DATA FOR REVIEW:
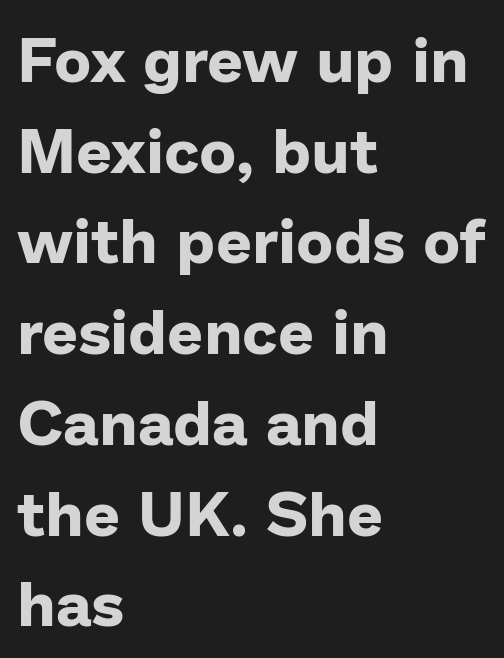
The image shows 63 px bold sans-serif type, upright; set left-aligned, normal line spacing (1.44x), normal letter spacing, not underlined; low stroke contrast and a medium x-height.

==

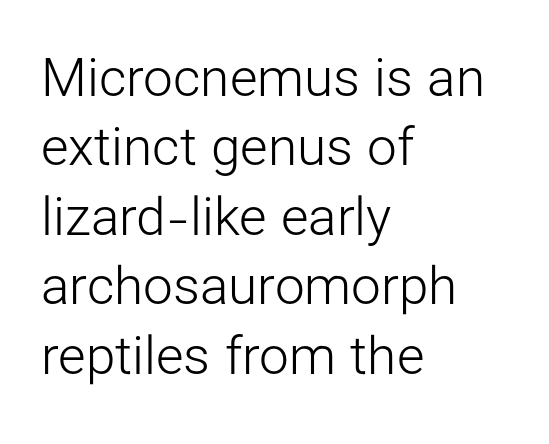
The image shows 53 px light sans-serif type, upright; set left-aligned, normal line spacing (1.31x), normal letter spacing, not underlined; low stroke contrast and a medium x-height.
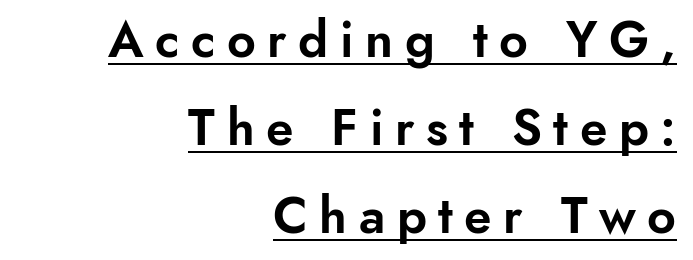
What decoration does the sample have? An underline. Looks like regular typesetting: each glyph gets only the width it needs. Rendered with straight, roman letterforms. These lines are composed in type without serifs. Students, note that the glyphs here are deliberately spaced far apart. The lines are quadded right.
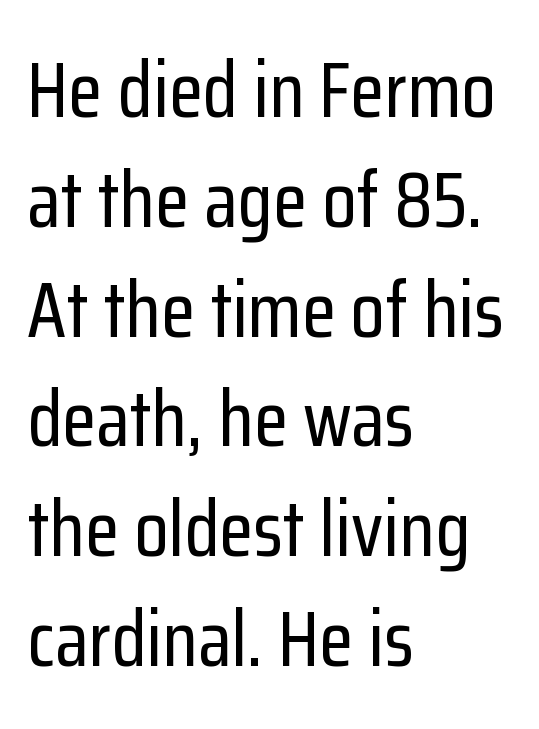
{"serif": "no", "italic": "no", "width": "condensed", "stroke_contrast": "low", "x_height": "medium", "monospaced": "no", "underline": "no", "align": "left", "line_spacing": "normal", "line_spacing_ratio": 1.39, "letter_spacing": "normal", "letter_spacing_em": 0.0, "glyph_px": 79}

TASK PROMPT: Where a line of the listing holds "sans", show that line.

YOUR SOLUTION:
The image shows 63 px bold sans-serif type, upright; set left-aligned, normal line spacing (1.44x), normal letter spacing, not underlined; low stroke contrast and a medium x-height.
The image shows 53 px light sans-serif type, upright; set left-aligned, normal line spacing (1.31x), normal letter spacing, not underlined; low stroke contrast and a medium x-height.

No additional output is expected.